[Exercise data — start]

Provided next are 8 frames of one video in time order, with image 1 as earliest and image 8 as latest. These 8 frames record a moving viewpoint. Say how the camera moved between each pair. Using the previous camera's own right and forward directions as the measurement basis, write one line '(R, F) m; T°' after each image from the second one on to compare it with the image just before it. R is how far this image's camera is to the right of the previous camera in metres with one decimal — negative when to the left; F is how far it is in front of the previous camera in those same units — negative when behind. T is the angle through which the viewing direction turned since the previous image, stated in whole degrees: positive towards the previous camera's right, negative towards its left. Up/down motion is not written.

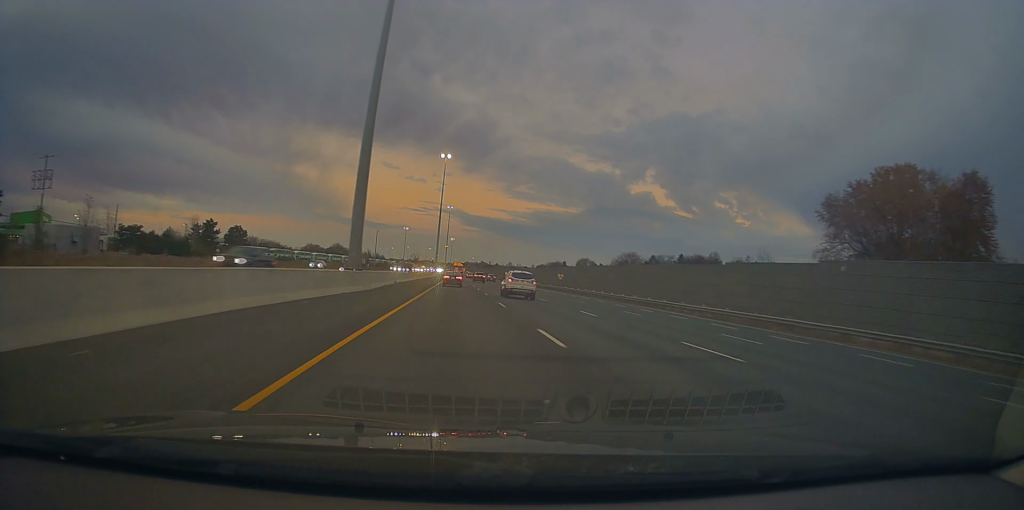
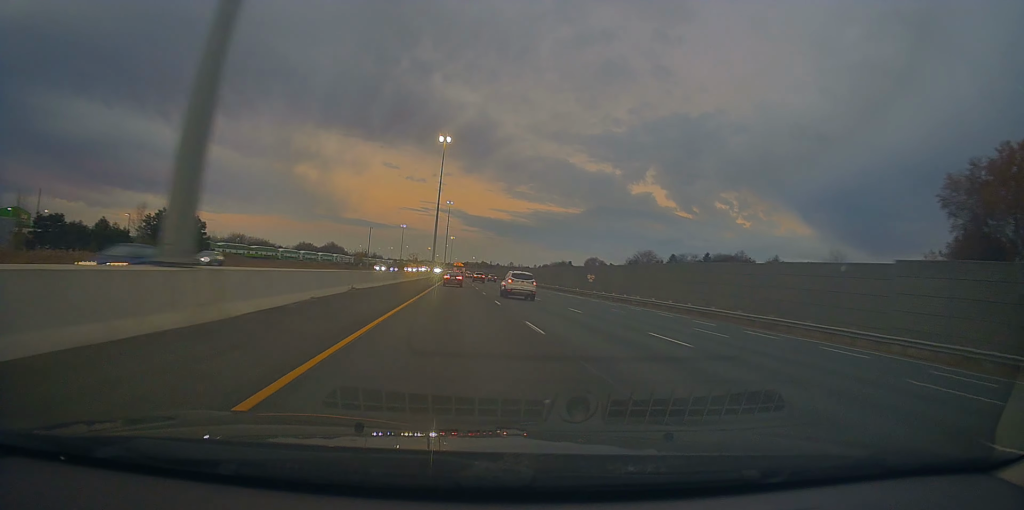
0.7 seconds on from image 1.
(+0.4, +22.0) m; -1°
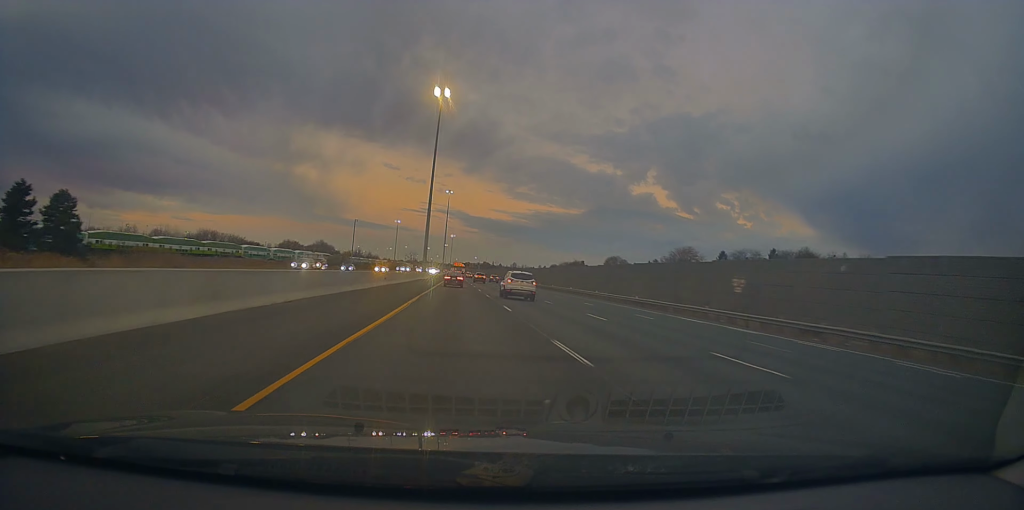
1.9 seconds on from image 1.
(-1.0, +41.0) m; -1°
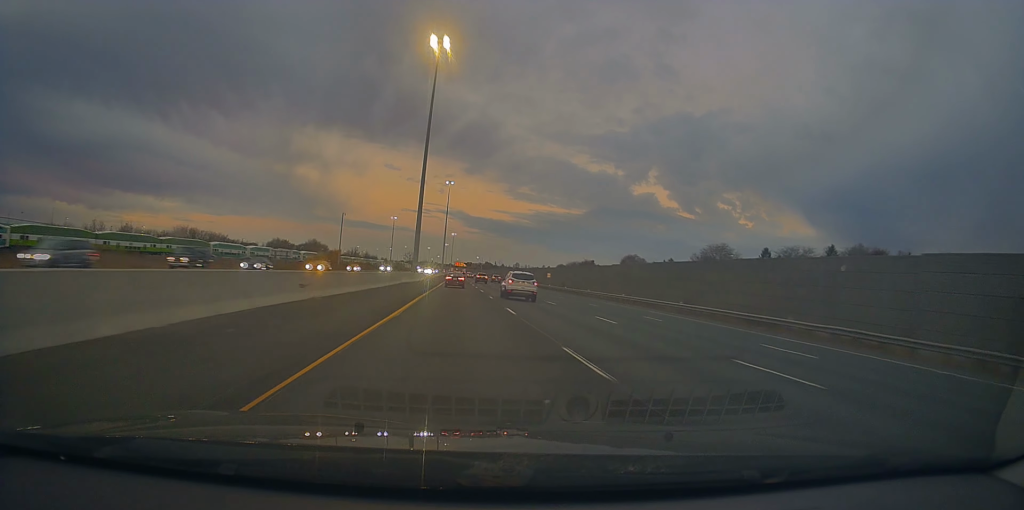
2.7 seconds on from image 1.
(+0.4, +25.7) m; +1°
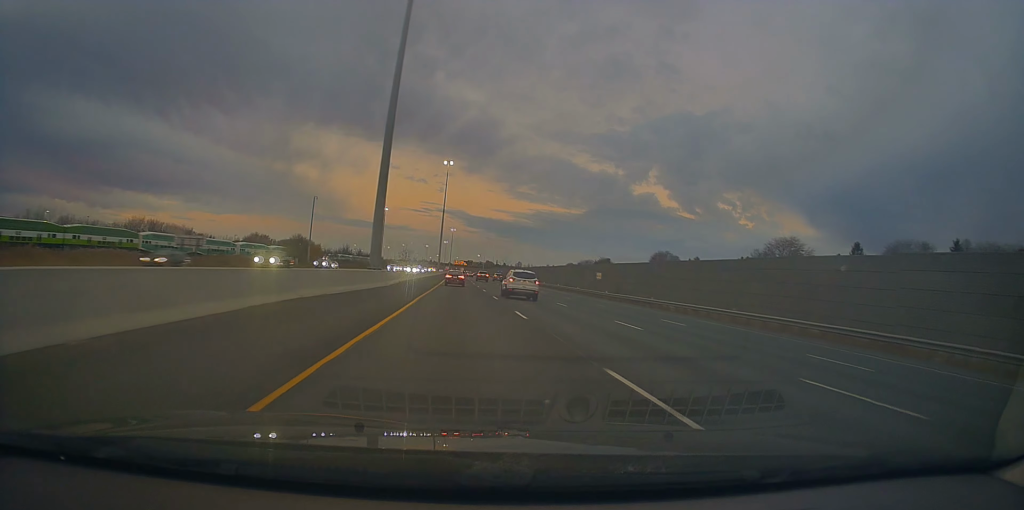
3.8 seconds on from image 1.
(+0.7, +39.2) m; +1°
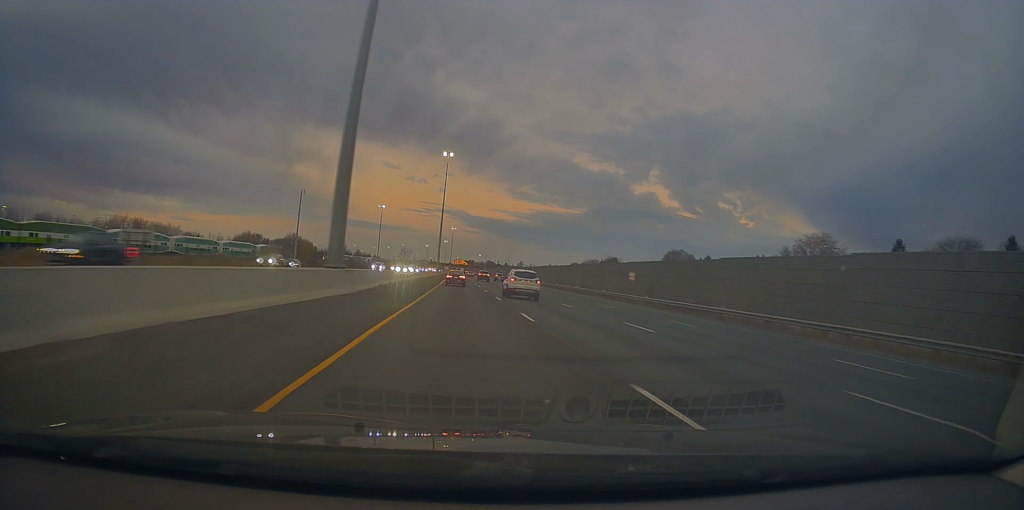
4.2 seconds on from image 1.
(-0.1, +13.5) m; 0°
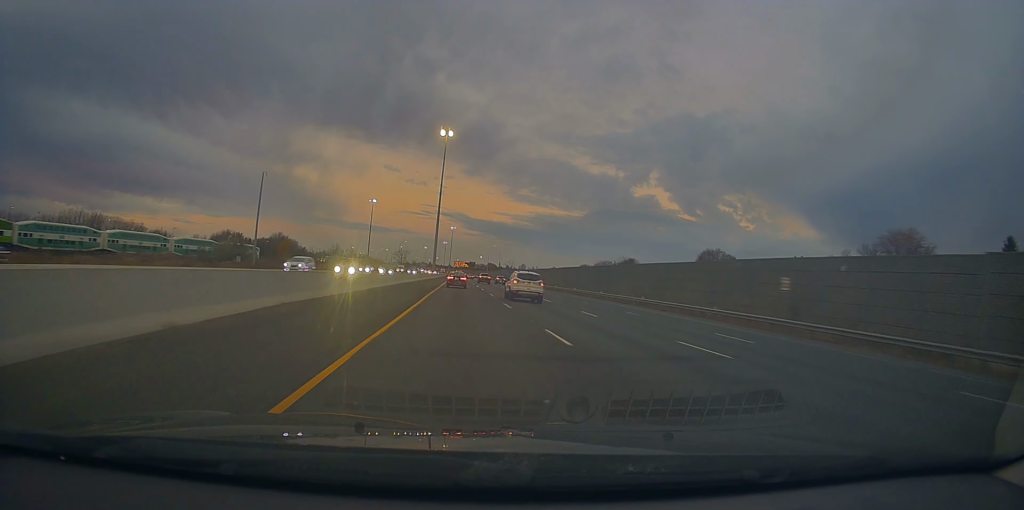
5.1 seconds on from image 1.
(-0.4, +29.4) m; -1°
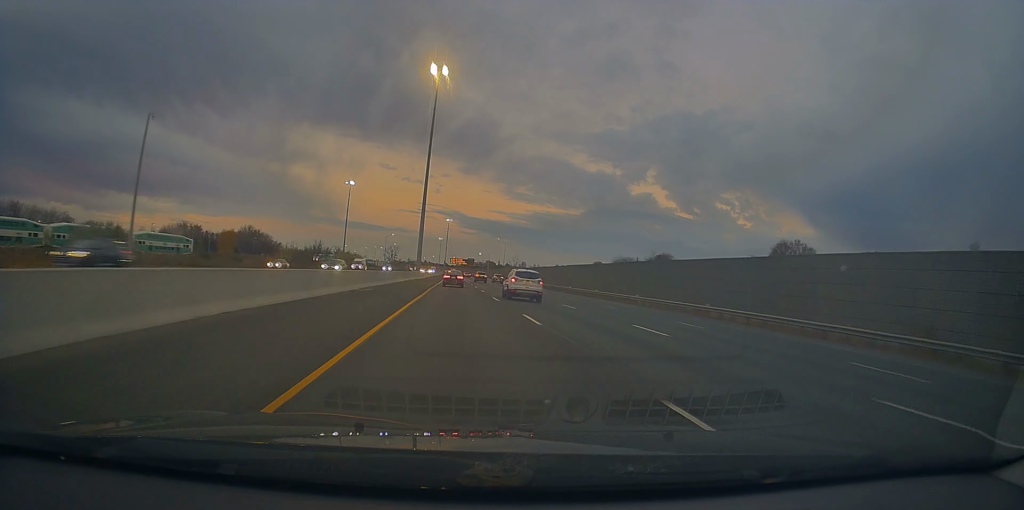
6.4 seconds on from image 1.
(+0.5, +45.7) m; +1°

[Exercise data — finish]

What the task asks –
Output, exactly and with no pictures, every line from the one that contains "3.8 seconds on from image 1." through the final line of the entries.

Response box –
3.8 seconds on from image 1.
(+0.7, +39.2) m; +1°
4.2 seconds on from image 1.
(-0.1, +13.5) m; 0°
5.1 seconds on from image 1.
(-0.4, +29.4) m; -1°
6.4 seconds on from image 1.
(+0.5, +45.7) m; +1°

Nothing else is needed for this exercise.